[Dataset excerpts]
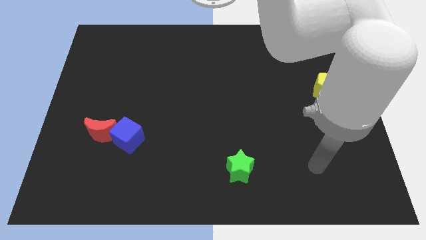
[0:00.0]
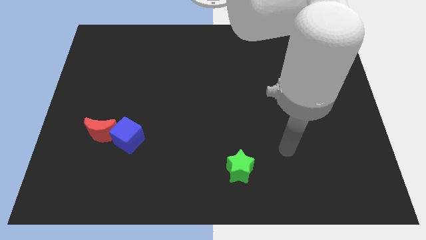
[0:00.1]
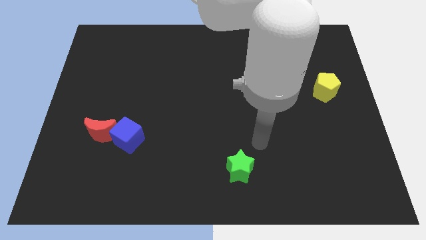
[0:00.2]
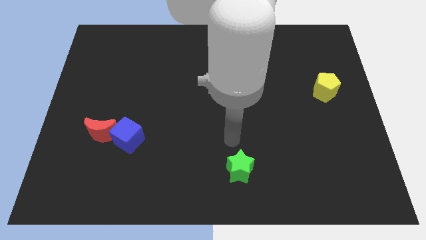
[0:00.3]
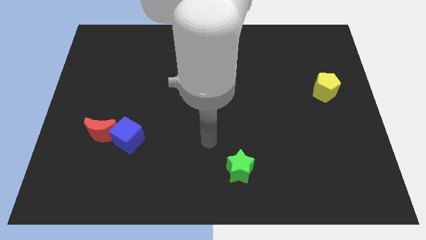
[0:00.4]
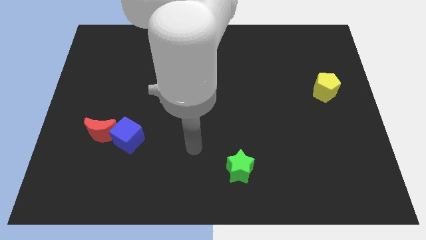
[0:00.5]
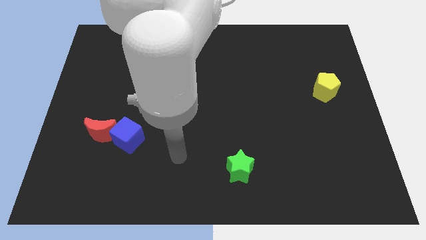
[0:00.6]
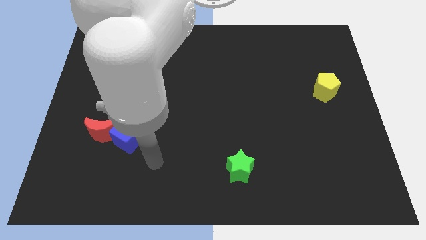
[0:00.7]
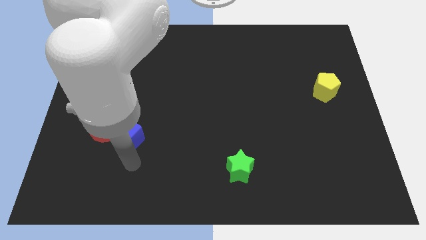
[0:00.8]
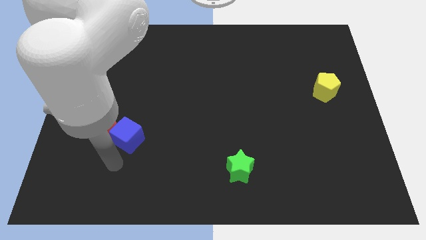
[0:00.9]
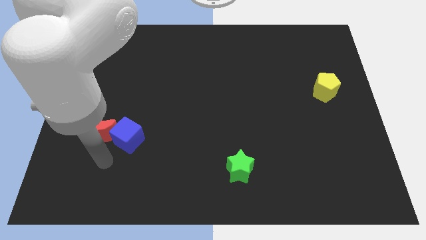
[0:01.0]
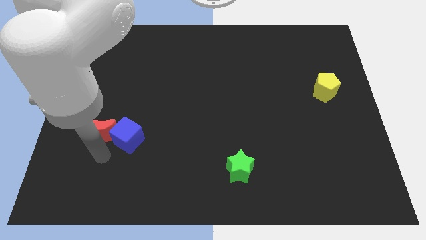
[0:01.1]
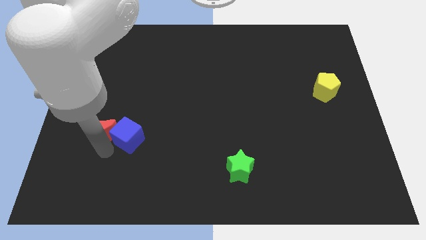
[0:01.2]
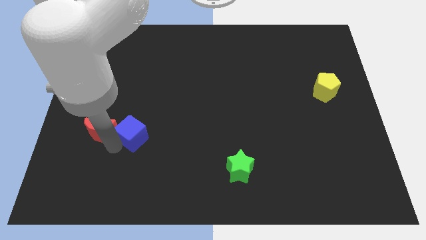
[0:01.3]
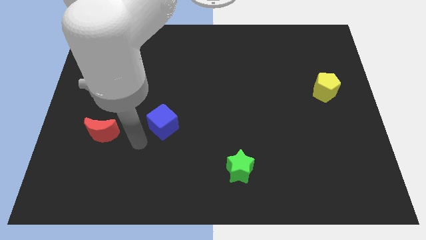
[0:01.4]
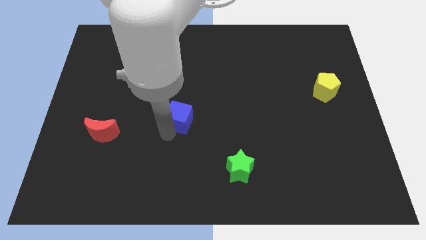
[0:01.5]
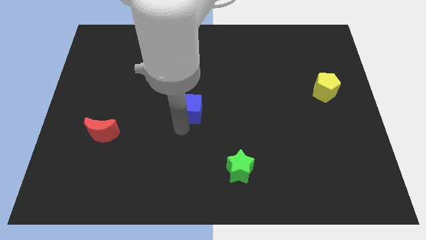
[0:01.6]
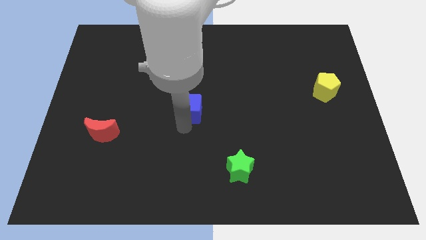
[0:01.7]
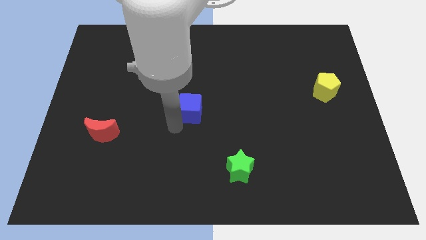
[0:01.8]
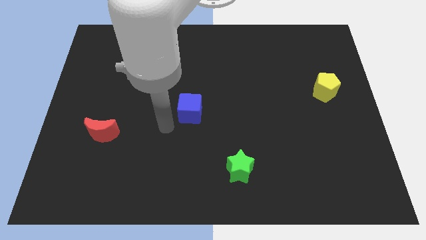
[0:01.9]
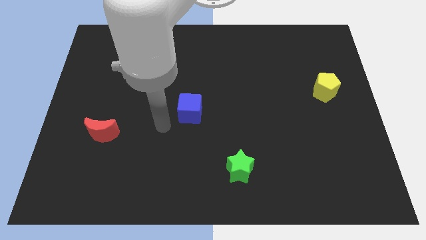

● **Exercise aim**: Could the entries above be copied out exactly, with no pictures included?

● **Your solution**:
[0:00.0]
[0:00.1]
[0:00.2]
[0:00.3]
[0:00.4]
[0:00.5]
[0:00.6]
[0:00.7]
[0:00.8]
[0:00.9]
[0:01.0]
[0:01.1]
[0:01.2]
[0:01.3]
[0:01.4]
[0:01.5]
[0:01.6]
[0:01.7]
[0:01.8]
[0:01.9]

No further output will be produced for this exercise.